Una broma cuya víctima principal (aunque sólo sea por casualidad) es el mismo director del centro, espatarrado, con las manos tendidas hacia adelante, como las de un muerto viviente, para demostrar la repugnancia que le causaba la sensación de suciedad fresca en las posaderas, y herido de muerte en pleno amor propio. Los dos profesores que lo encontraron allí, en el lavabo, aunque fueron capaces de contener las carcajadas que les saltaban a flor de labios, estuvieron a punto de perder su puesto de trabajo de manera fulminante sólo por haber visto lo que habían visto y, en todo caso, su relación con el director nunca volvió a ser fluida y cordial.

—¡Quiero saber quién lo ha hecho! —dijo el Mediacaca en cuanto recuperó el don de la palabra—. ¡Quiero saberlo inmediatamente!

Todo el profesorado se convierte en un Sherlock Holmes corporativo que estudia el aparato de mp3 con lupa, que indaga quién pudo sacar los altavoces de clase de tecno, que apabulla a los principales sospechosos con las típicas preguntas, «¿dónde estabas exactamente a las once de esta mañana?», «¿has visto a alguien salir del laboratorio cargado con los altavoces?» y cosas por el estilo.

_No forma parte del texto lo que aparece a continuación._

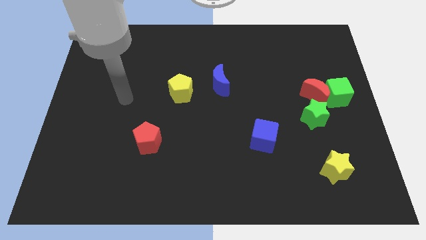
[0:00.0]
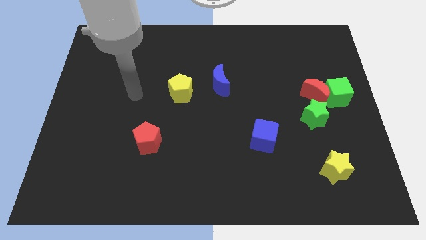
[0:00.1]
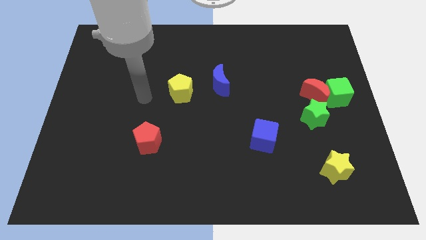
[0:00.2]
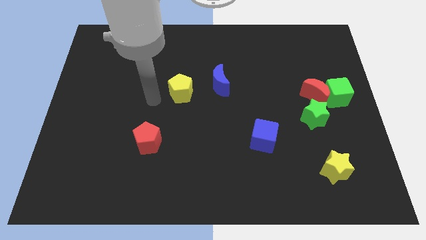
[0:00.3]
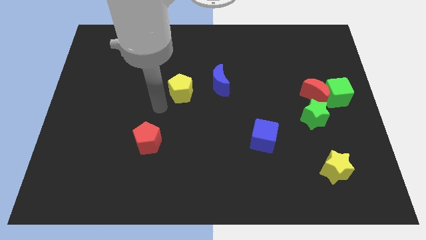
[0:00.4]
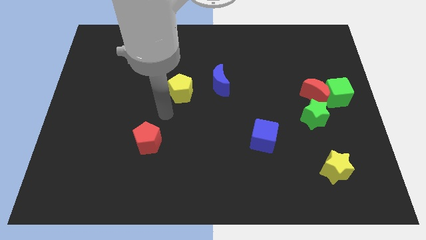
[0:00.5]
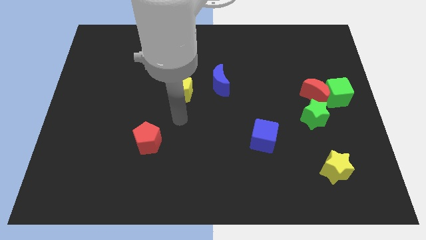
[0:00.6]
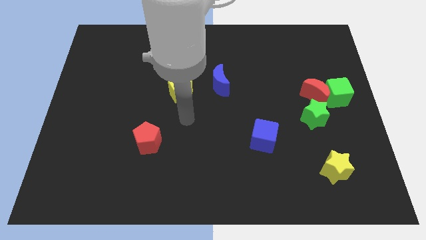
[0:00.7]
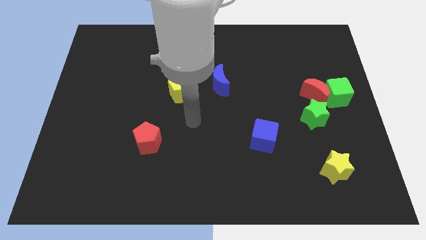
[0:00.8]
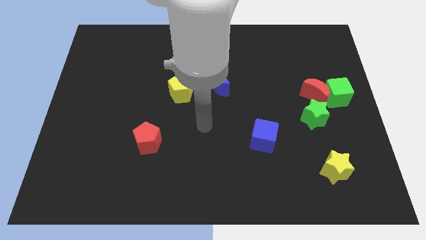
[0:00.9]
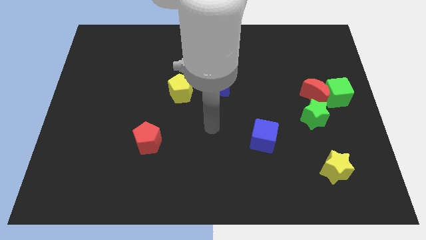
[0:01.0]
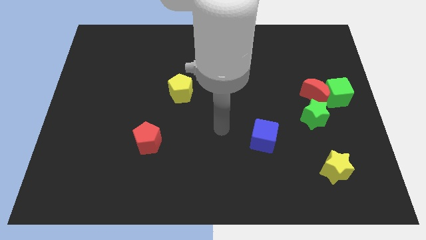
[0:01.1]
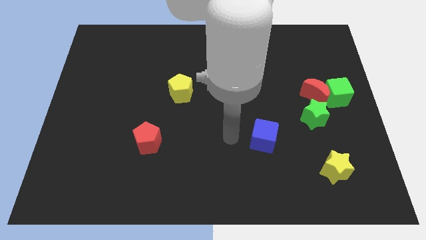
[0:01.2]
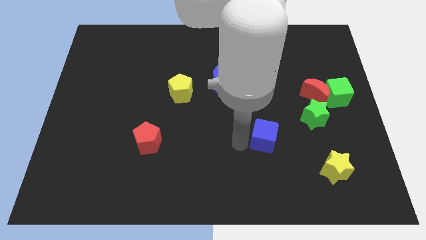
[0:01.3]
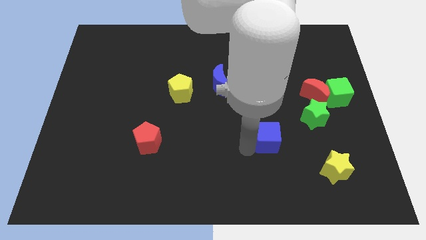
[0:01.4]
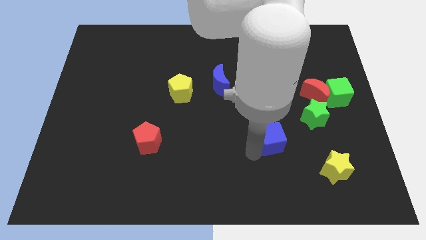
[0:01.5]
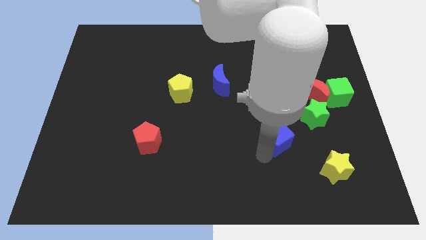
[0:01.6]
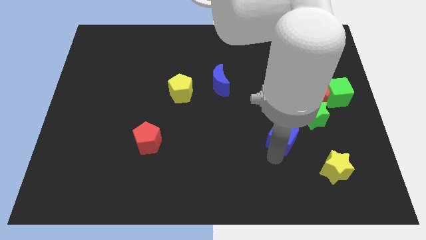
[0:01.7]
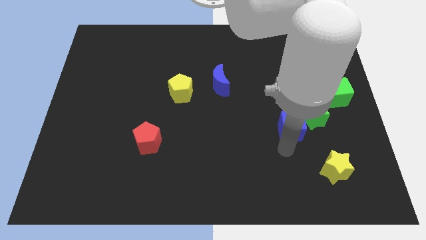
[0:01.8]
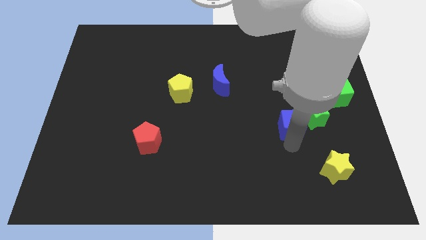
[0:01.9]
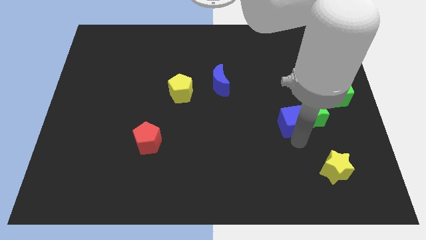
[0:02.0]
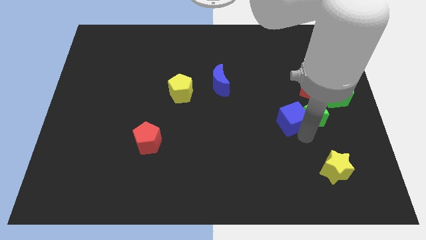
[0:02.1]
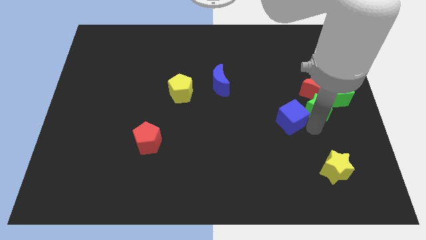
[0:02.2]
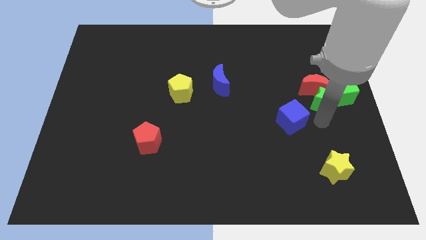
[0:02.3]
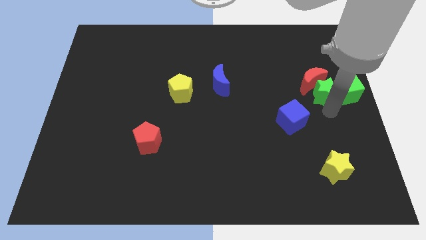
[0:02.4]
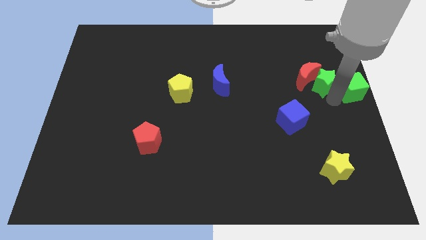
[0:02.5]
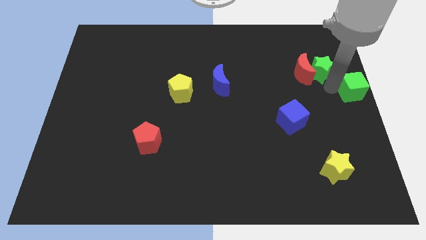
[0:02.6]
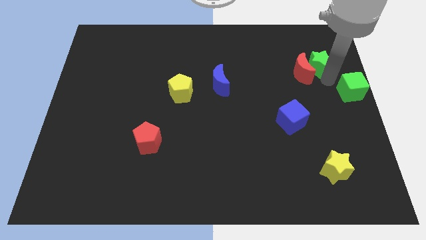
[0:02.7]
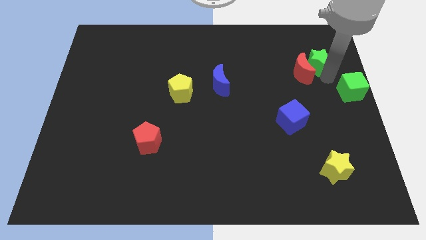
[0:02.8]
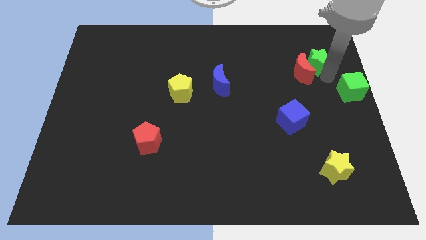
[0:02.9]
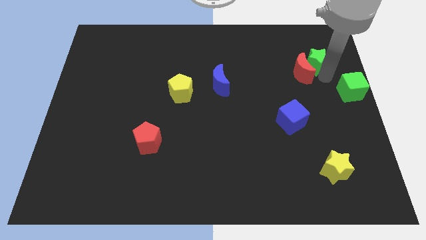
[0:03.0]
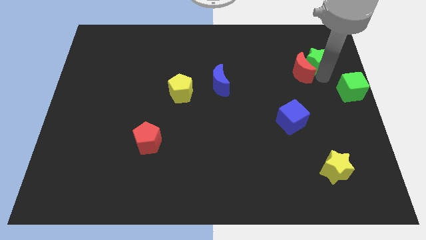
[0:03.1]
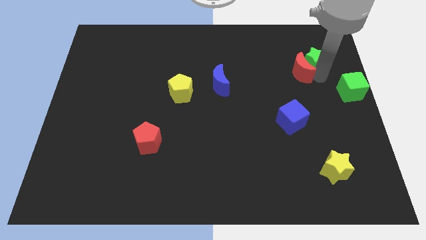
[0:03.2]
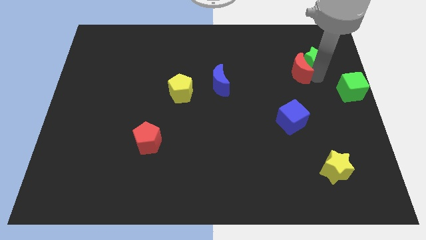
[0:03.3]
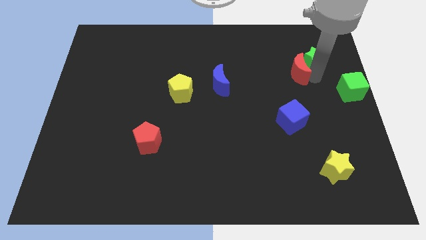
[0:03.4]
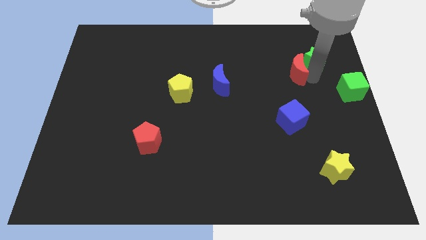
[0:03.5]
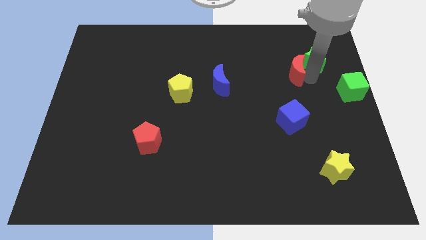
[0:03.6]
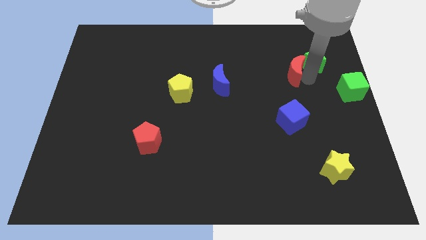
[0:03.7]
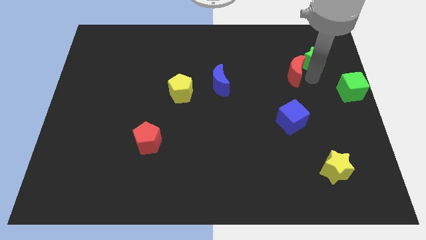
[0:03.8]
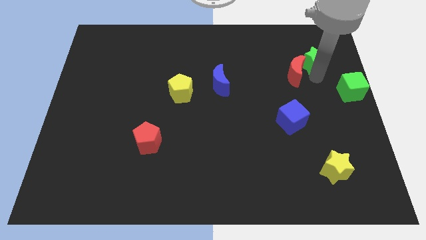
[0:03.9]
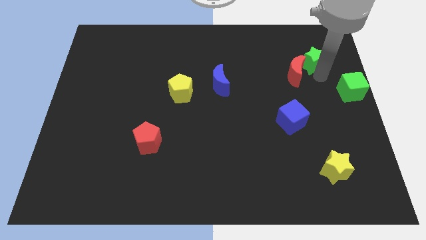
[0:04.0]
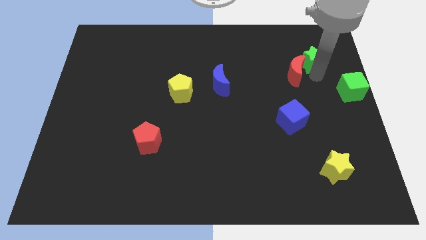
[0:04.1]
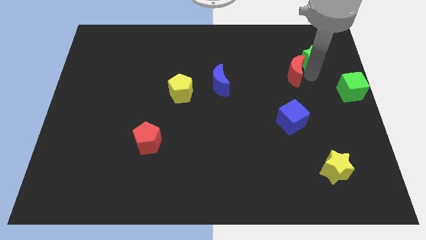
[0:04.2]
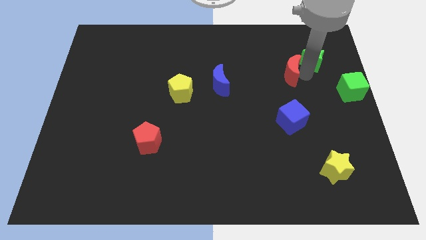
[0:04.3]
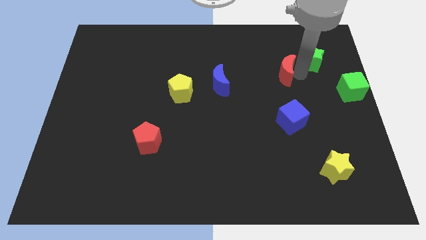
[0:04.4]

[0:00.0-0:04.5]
pull the red moon apart from the green cube and green star

De manera que, poco antes de las cuatro de la tarde, los ojos de la autoridad se vuelven de manera unánime hacia Eva Fabregat.

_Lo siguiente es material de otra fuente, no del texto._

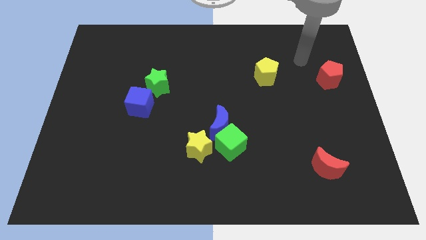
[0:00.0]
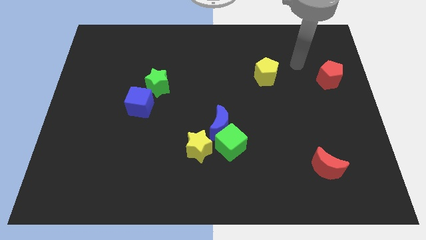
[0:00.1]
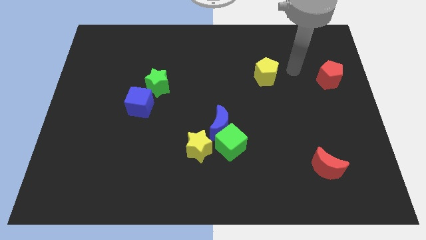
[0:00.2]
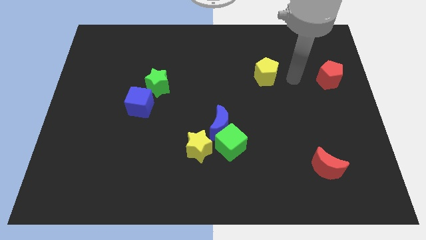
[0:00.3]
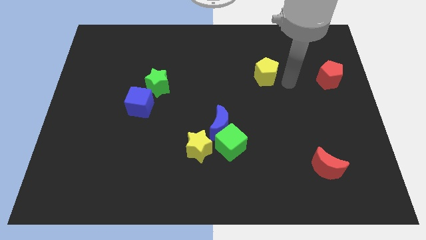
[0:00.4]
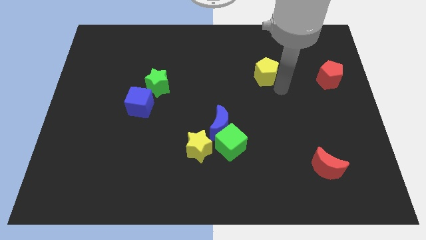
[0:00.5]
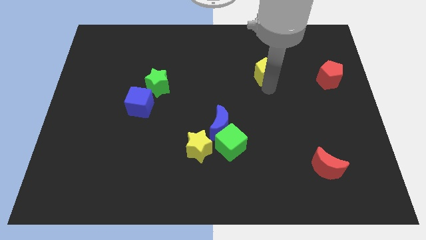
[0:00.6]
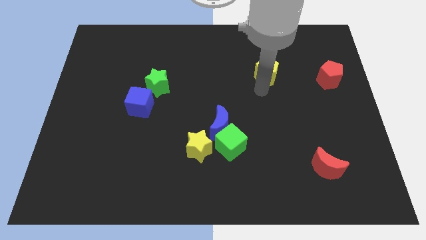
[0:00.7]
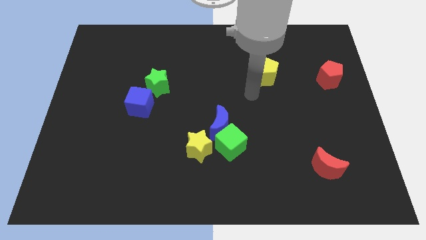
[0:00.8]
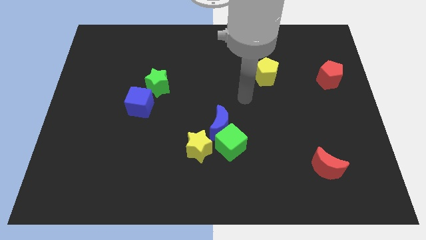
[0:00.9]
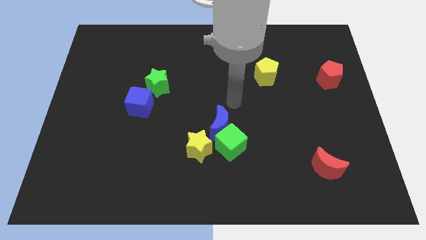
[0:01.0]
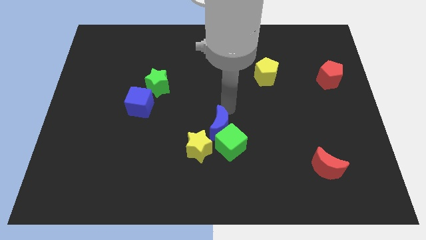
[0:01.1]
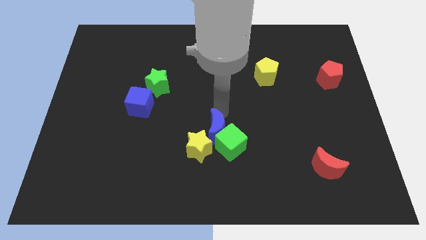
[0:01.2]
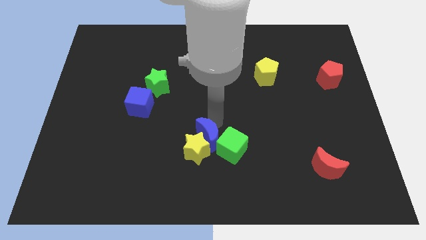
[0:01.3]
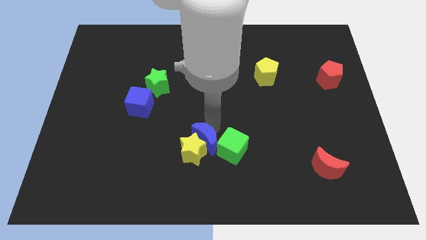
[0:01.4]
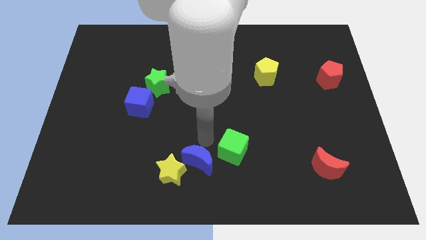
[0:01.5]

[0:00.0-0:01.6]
separate the green cube from the blue moon and yellow star

—Eva —dice la secretaria de dirección—. ¿Puedes venir un momento, que el director quiere verte?

Eva camina con mucho miedo, convencida de que una vez más el mundo está a punto de caer sobre su cabeza.

Entra al despacho de Mediacaca. Éste ya se ha subido los pantalones y se los ha abrochado y ha recuperado la arrogancia que le caracteriza y la está esperando atrincherado detrás de su escritorio. Hay quien dice que, allí, Mediacaca tiene un escabel donde se encarama para imponer autoridad y dictar sentencias. Y es que Mediacaca, detrás del escritorio, se crece.

—Este artefacto —dice, desdeñoso, refiriéndose al pequeño aparato que hay a la vista de todos—, nos han dicho que es tuyo.

Eva reconoce el aparato. Se lo regalaron sus padres por Reyes. Le desapareció hace dos días. Lo utilizaba para escuchar música en los trayectos de ida y vuelta del insti. Podría decir que no, que no es el suyo, pero sabe que todos sus compañeros y compañeras de clase lo conocen y está segura de que todos, todos, incluso Ernesto, están dispuestos a señalarla con el dedo, «¡Es suyo!», sin dudar ni un nanosegundo. Así que, ¿por qué no decirlo? Las cosas no pueden ir peor de como van. ¿Qué más pueden hacerle?

—Sí —Reconoce—. Es mío.

Mediacaca le dedica un discurso que empieza así:

—¡Muy bien, pequeña neurótica marginada y resentida! ¡Me la suda si tus compañero te hacen putadas, quizá tendrías que pensar por qué te eligen como chiva expiatoria, qué les has hecho tú para que te tengan tirria, pero quiero que sepas que no estoy dispuesto...!

Eva sale llorando amargamente del despacho del director. Un llanto tan sentido que rompe el corazón. Pero nadie se acerca para consolarla.

Porque es la Chica Sinn.

Se salta la última clase. No quiere que nadie la vea llorar.

Sale chocando con el marco de la puerta.

Una profesora que se llama Adelaida la ve salir de aquella manera y se le forma un nudo en la garganta.